(atualiza com novo número de vítimas e acrescenta novas explosões) Nova Délhi, 6 abr (EFE).- Pelo menos sete pessoas morreram hoje e 50 ficaram feridas após a explosão de três bombas em diferentes pontos do estado indiano de Assam, no nordeste do país, informaram fontes policiais.

Citado pela agência "Ians", G.P. Singh, subinspetor da Polícia regional, explicou que sete pessoas morreram e outras 45 ficaram feridas quando uma bomba colocada em uma motocicleta estacionada em uma movimentada zona comercial explodiu em Guwahati, a principal cidade de Assam.

O atentado ocorreu às 14h locais (5h30 de Brasília) no bairro de Maligaon, situado nos arredores do município.

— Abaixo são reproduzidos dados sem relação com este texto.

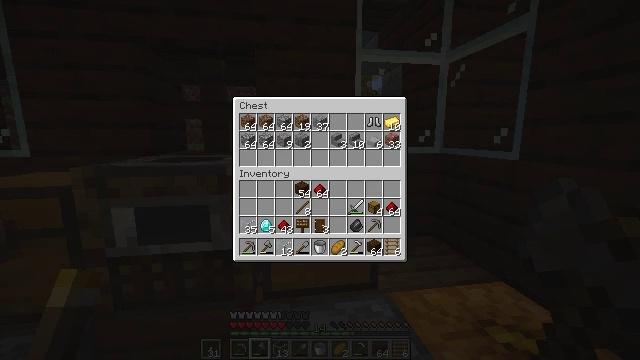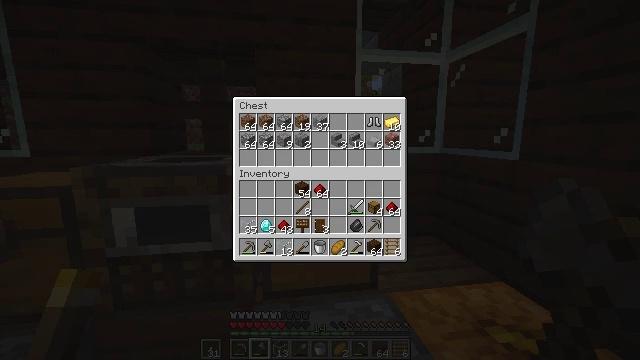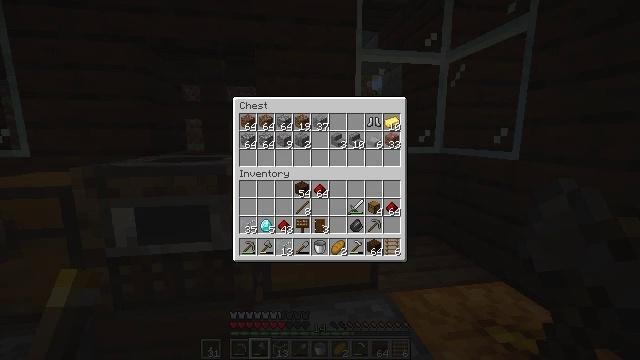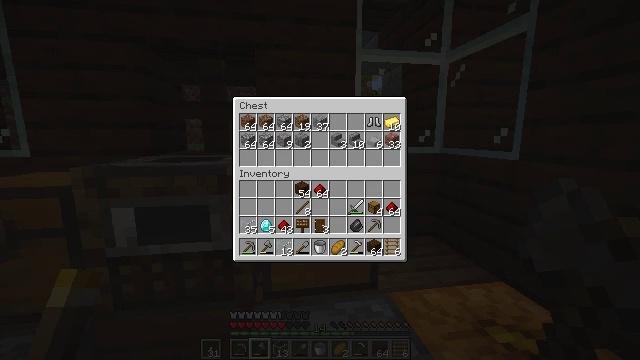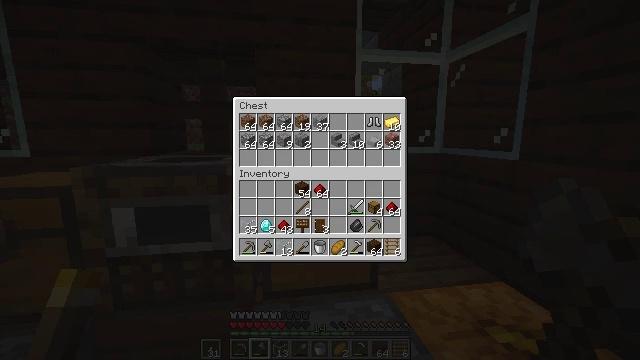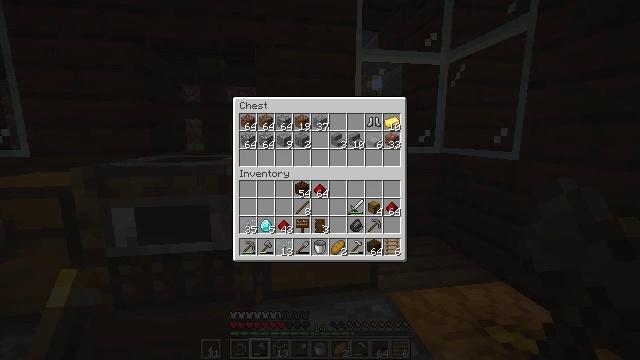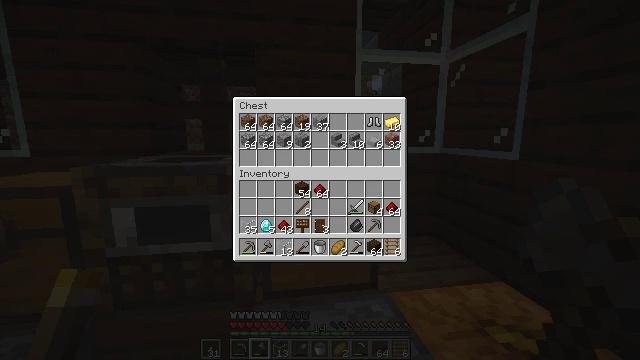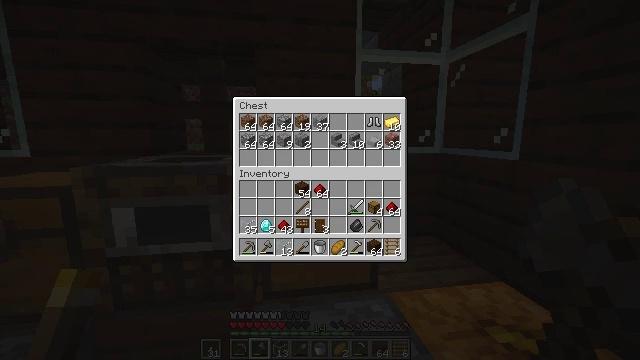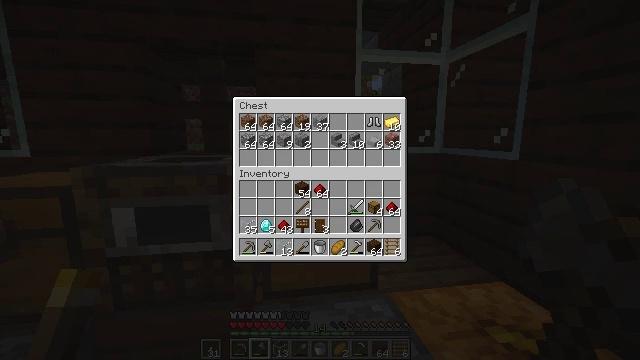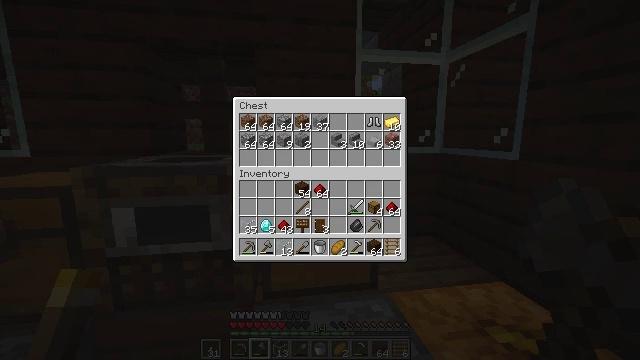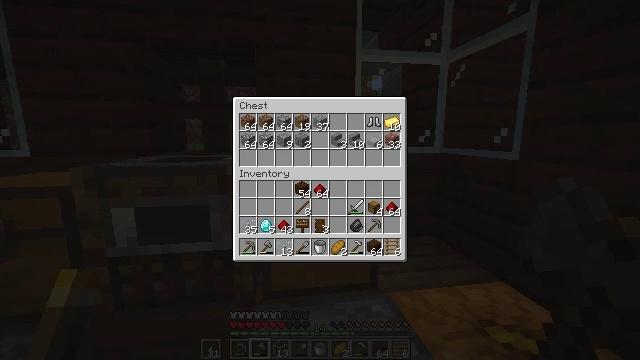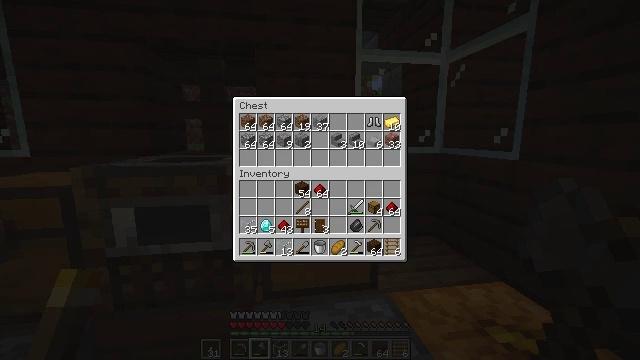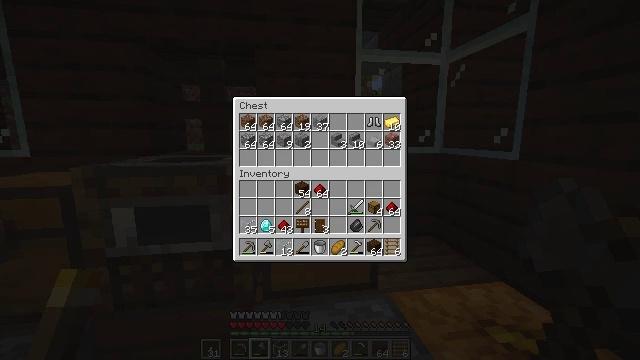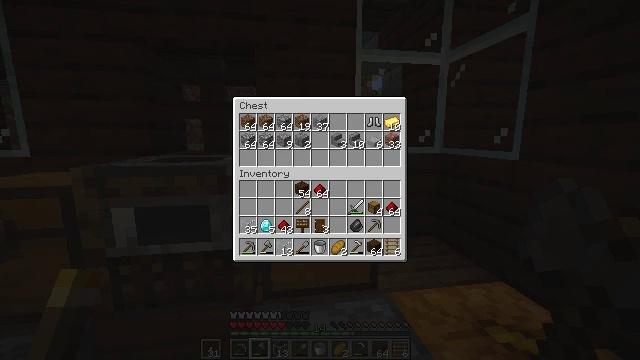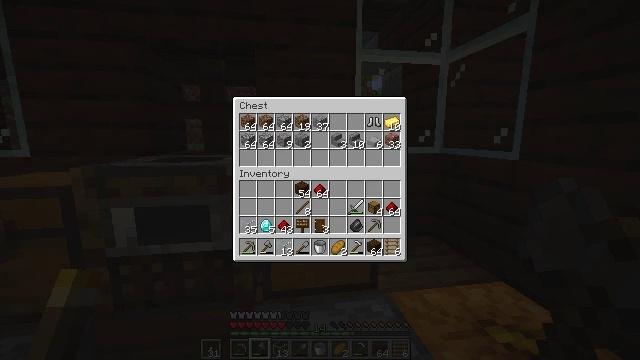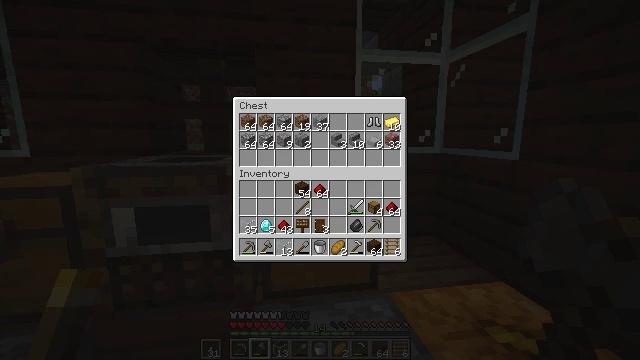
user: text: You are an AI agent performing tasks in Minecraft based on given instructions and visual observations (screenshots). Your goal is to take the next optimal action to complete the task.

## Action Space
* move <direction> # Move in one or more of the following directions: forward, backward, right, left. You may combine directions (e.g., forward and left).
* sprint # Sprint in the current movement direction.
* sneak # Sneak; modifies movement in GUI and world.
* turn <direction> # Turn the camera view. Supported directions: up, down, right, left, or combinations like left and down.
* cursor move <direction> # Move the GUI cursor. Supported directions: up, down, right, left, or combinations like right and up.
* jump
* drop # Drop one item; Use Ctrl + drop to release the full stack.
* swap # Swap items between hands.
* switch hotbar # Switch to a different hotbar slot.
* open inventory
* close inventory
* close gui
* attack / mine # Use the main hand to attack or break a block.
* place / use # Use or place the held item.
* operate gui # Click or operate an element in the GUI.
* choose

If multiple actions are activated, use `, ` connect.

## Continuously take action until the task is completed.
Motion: motion action
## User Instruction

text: Use cobblestones to craft a cobblestone wall.
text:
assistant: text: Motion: no_op
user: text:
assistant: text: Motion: no_op
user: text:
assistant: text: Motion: no_op
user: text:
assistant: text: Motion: no_op
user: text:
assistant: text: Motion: no_op
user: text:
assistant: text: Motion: no_op
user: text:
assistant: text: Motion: no_op
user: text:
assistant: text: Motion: no_op
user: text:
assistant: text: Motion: no_op
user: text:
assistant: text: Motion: no_op
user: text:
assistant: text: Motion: no_op
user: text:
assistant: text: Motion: no_op
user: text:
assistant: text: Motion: no_op
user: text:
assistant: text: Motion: no_op
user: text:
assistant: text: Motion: no_op
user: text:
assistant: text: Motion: no_op
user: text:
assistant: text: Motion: no_op
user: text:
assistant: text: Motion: no_op
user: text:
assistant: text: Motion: no_op
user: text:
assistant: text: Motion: no_op
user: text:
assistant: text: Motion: no_op
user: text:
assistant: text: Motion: no_op
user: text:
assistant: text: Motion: no_op
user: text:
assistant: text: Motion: no_op
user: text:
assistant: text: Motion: no_op
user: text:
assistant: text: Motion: no_op
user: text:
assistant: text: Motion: no_op
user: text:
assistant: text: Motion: no_op
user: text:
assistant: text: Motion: no_op
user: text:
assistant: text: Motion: no_op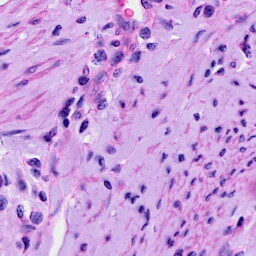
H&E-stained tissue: Cervix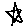
Label: star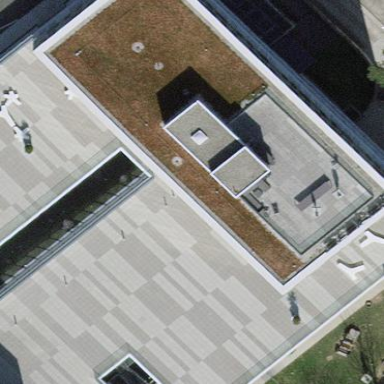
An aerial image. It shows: Office building.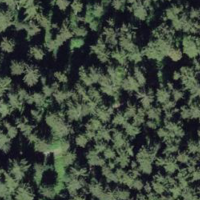
EUNIS habitat code: 43
Species observed at this site:
Astrantia major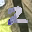
Label: 2
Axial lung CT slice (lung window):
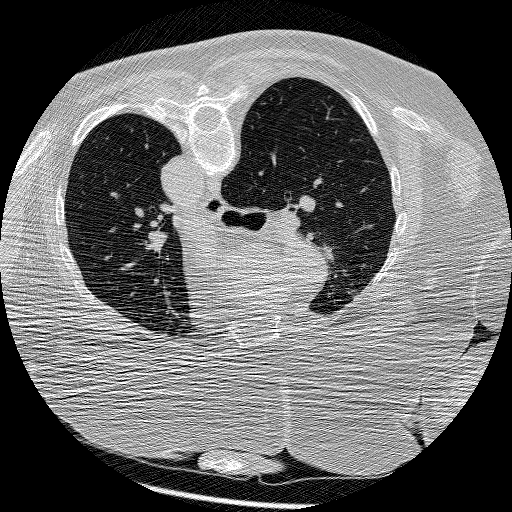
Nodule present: no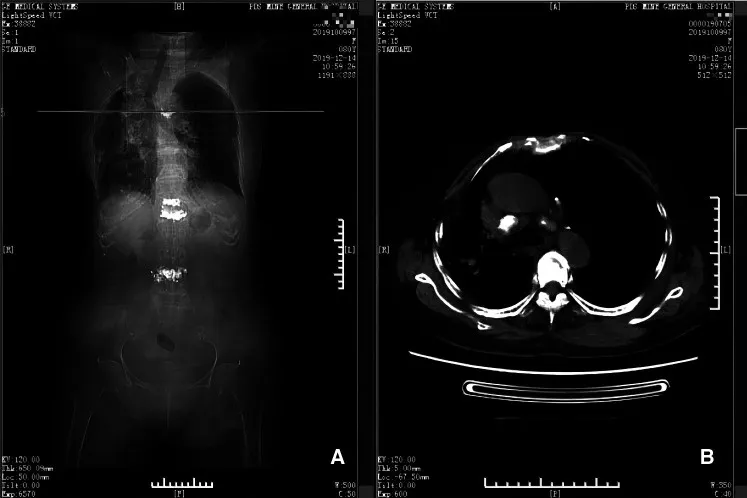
CT scan taken on 12th day postoperatively (panels A and B). Panel A depicts the position (horizontal line) of the CT scan shown in B, at the level of the 5th thoracic vertebra. Panel B shows there is little remaining hematoma near the 5th thoracic vertebra and adjacent ribs.
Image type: radiology (ct)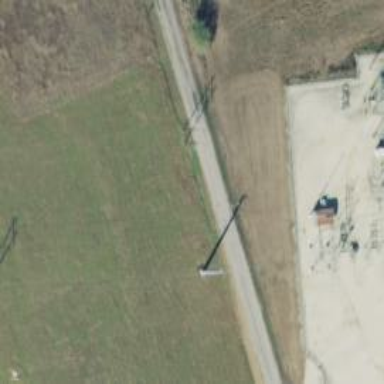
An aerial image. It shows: Power tower.
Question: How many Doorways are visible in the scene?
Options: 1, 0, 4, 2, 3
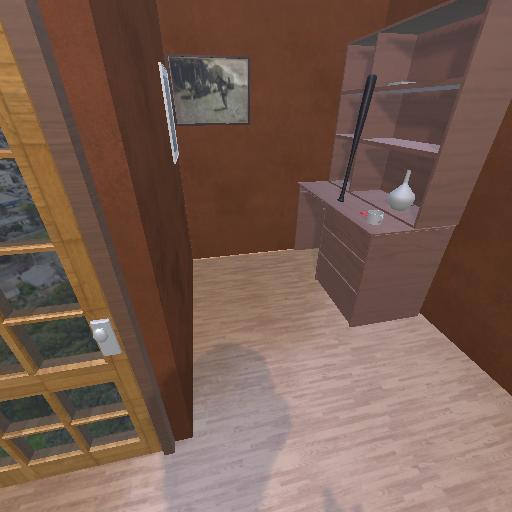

Segundo uma fonte policial citada pela agência "PTI", logo após a explosão houve um incêndio que atingiu um edifício de três andares no qual existe uma delegacia.

Duas horas mais tarde, uma segunda bomba explodiu no município de Dhekiajuli, a cerca de 150 quilômetros ao norte de Guwahati, e deixou quatro pessoas feridas.

Já no distrito de Karbi Anglong a explosão de uma terceira bomba fez dois feridos.

As autoridades suspeitam que o grupo separatista Frente Unida para a Libertação de Assam (Ulfa, em inglês), que constantemente comete atentados na região, está por trás destes ataques.

Os feridos foram levados a um hospital próximo para receber atendimento médico.

As explosões ocorrem um dia antes da visita do primeiro-ministro da Índia, Manmohan Singh, a Assam para realizar um comício eleitoral por ocasião das eleições parlamentares indianas, que começam na semana que vem.

O pleito, que se divide em cinco fases durante quase um mês, ocorrerá em Assam nos dias 16 e 23 de abril.

No dia 30 de outubro do ano passado, 67 pessoas morreram e mais de 360 ficaram feridas após uma sequência de explosões registradas em várias localidades de Assam, entre elas a cidade de Guwahati.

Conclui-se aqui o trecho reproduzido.